И собаки. Как же. Стал тяжек мне мой макинтош. И жарко в нем. И тысяча лет минула, а все так же и все то же. Милая девочка. Единорог.
– Я сейчас объясню, – усмехнулся Чек. – Господь создал Вселенную с миллионами галактик, миллиардами звезд и несчетным количеством планет. Мироздание населяют сонмы существ, в глазах которых светится надежда и разум. Господь создал Вселенную и покинул ее, он где-то…
Чек показал в небо.
– Где-то там. Сидит на своем сияющем алмазном троне на планете Вечность и ждет, ему не занимать терпения.
– Чего же он ждет?
– Нас. Или их. Зеленых пауков с каких-нибудь там Центавров, рыжемордых псоглавцев. Или разумную плесень. Первых вернувшихся, – совершенно спокойно ответил Человек. – Кто первым доберется до Него, тот и наследует Царствие Небесное. Это великая гонка, и мы созданы для этой гонки, впрочем, как и все… Что-то я сбился… Артем, скоро ли каша?"

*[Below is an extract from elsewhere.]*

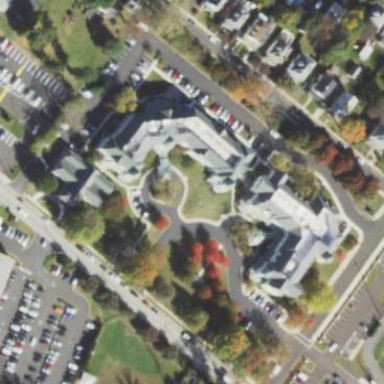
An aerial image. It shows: Nursing home.

...Еще раз: "Стал тяжек мне мой макинтош. И жарко в нем. И тысяча лет минула, а все так же и все то же. Милая девочка. Единорог". Почему "тысяча лет", "а все так же и все то же" — рядом с Царствием и единорогом, и макинтошем? Да всё поэтому же. Сирень не понимает, что она Бог, но эта вот ее миссия, врученная самой себе: от стихотворения Синкая в "Зубе водяного" до неразменного рения патэрена Павла, благодаря которому через 47 лет внук Сирени через Нити выведет уцелевших к звездам на звездолете "Артем", — она тут вся в сконцентрированном виде. Тяжесть макинтоша. Беременность. Единорог. Милая девочка, гвозди из звездной меди. Люди всё те же; как поет БГ в песне о том же самом, "это повод прийти сюда еще один раз".
Кстати, с "Зубом водяного" интересно. Друг представляет Синкая как лауреата премии Акутагавы. Так вот, название бара — контаминация из "В стране водяных" (в оригинале — "Каппа", так же называется судно у Веркина) и "Зубчатых колес" (в оригинале "Хагурума", два иера — "зуб" и "повозка").
Ну и, окей, одна второстепенная загадка — может, кто догадался. Сиро Синкай носит имя "Белый" и фамилию Макото Синкая. Сирень по-японски — Райракку, калька с lilac, фамилия девушки нигде не упоминается, но есть намек:
"Тут отец немного замешкался, поскольку, кроме поэтов, политиков и военачальников наш род Империи так никого и не подарил; правда, был еще один кинематографист, но его вклад в культуру Японии был сомнителен, поскольку прославился он в основном производством фривольной мультипликации, которую во время Реставрации запретили и, по большей части, уничтожили".
Я сильно сомневаюсь, что она тоже Синкай. Но тогда, простите, она наверняка Миядзаки (какие тут еще варианты? Тэдзука? Мацумото? Кон?). Меня смущает вот это место из "Показаний Синкая" (который я воспринимаю, кстати, как дань финалу "12 обезьян" Гиллиама):
"Имя у нее оказалось тоже странное, хотя и красивое, я сразу вспомнил, откуда оно".
Если это о Райракку, я не понимаю, к чему идет отсылка. Если о фамилии — он вспоминает о Хаяо Миядзаки? Это место я взять не могу — но, может, кто-то еще смог.